Sobald er sich konzentriert, lässt Gerber ein sonores Brummen hören. Mit dem Flieger in der Hand verlässt er das Hotel und geht ein paar Meter weiter an einen Hang. Mit hoch ausgerecktem Arm hebt Berger die Libelle in die Luft. Sein Blick folgt den Wolken am Himmel, während er reglos verharrt, das Papierflugzeug in der Hand, bereit zum Abheben. Erneut entweicht Gerber dieses Brummen. In den manchmal langen Minuten, in denen er auf die richtigen Windbedingungen wartet, hält er Zwiesprache mit Gott. So formuliert er es selbst. 

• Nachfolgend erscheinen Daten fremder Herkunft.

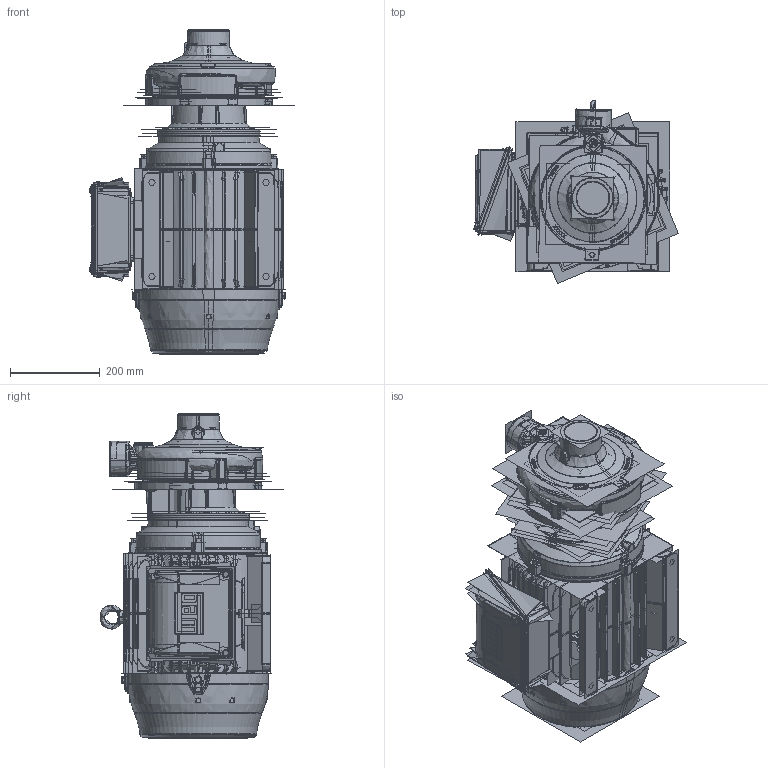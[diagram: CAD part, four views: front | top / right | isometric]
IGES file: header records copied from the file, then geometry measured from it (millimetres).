
Start section:  PTC IGES file: 87233495-00_asm.igs
Global section: file name: 87233495-00_asm.igs; native system: Creo Parametric by PTC Inc.; preprocessor: 2019224; author: santl04; organization: Unknown; date: 20210219.114520; units: millimetre
Bounding box: 455.92 x 408.06 x 722.4 mm (x, y, z)
Volume: 98166327.1 mm3; surface area: 35473892.9 mm2
Topology: 7 solids, 22 shells, 9616 faces, 53588 edges, 70582 vertices
Faces by surface type: bspline 6522, revolution 3074, extrusion 20

Er sei zwar anthroposophisch aufgewachsen, aber Mitglied der reformierten Kirche. Das Buch «Gespräche mit Gott» von Neale Donald Walsch hat ihn tief inspiriert. «Dort geht es um einen Gott, der bedingungslos liebt, und das sollten wir Menschen auch miteinander tun.» Doch oft sei es anders: «Wir leben auf der Welt, in der alles auf Bedingungen aufgebaut ist.» Nach dem Tod dann «gehen wir zurück dorthin, wo alles ohne Bedingungen ist: in den Himmel», sagt er.

Und dann: zack! Gerber lässt die Libelle los. «Raus, raus, ja schön», ruft er ihr hinterher. Erste Schaulustige haben sich auch schon eingefunden. Immer, wenn sie fragen, ob er ihnen zeigen könne, wie das gehe, sagt er verschmitzt: «Sie können mein Buch kaufen, da steht alles drin.»